Personally, I am not against using kevent for driver events/errors, but
the exact scope needs to be decided by the community. You do need a
kevent, though.

Robert Love


2004-09-11 11:36:51

by Dave Jones

[permalink] [raw]
Subject: Re: [patch] kernel sysfs events layer

On Fri, Sep 10, 2004 at 05:48:27PM -0700, Greg KH wrote:

> > What happened to a formatted string argument? The signal argument can
> > become the pre-formatted string, and someone can provide a wrapper
> > that takes a printf() like format and args.
> > kobject_uevent_printf(kobj, "something bad: 0x%08x", err);
>
> Use an attribute, and have userspace read that formatted argument if
> need be. This keeps the kernel interface much simpler, and doesn't
> allow you to abuse it for things it is not intended for (like error
> reporting stuff...)

Erm, no.
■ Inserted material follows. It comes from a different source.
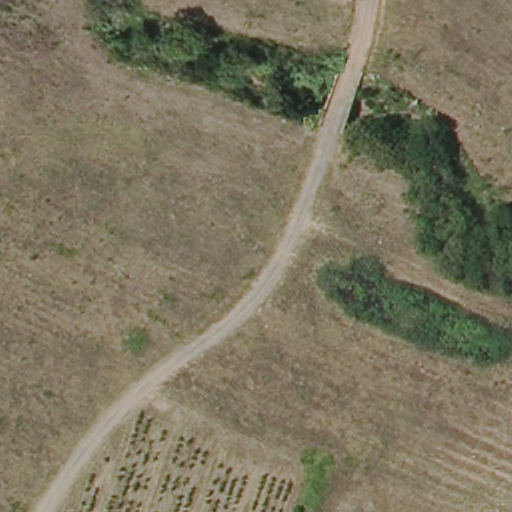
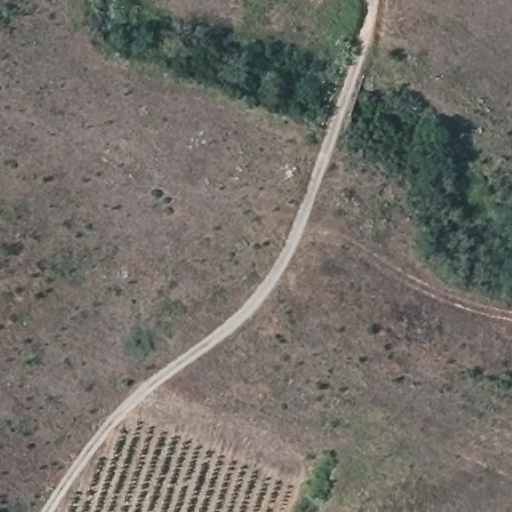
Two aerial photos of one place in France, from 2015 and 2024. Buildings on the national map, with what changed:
[]

This will just encourage folks to sprintf to a buffer first
and pass the result to kobject_uevent_printf().

nitpick: Also, if this isn't taking formatted input, shouldn't the name of the
function lose the 'f' ?

Dave

2004-09-11 16:54:44

by Greg KH

[permalink] [raw]
Subject: Re: [patch] kernel sysfs events layer

On Sat, Sep 11, 2004 at 12:09:35AM -0400, Robert Love wrote:
> > +/**
> > + * send_uevent - notify userspace by sending event trough netlink socket
>
> s/trough/through/ ;-)

Heh, give something for the "spelling nit-pickers" to submit a patch
against :)

> We should probably add at least _some_ user. The filesystem mount
> events are good, since we want to add those to HAL.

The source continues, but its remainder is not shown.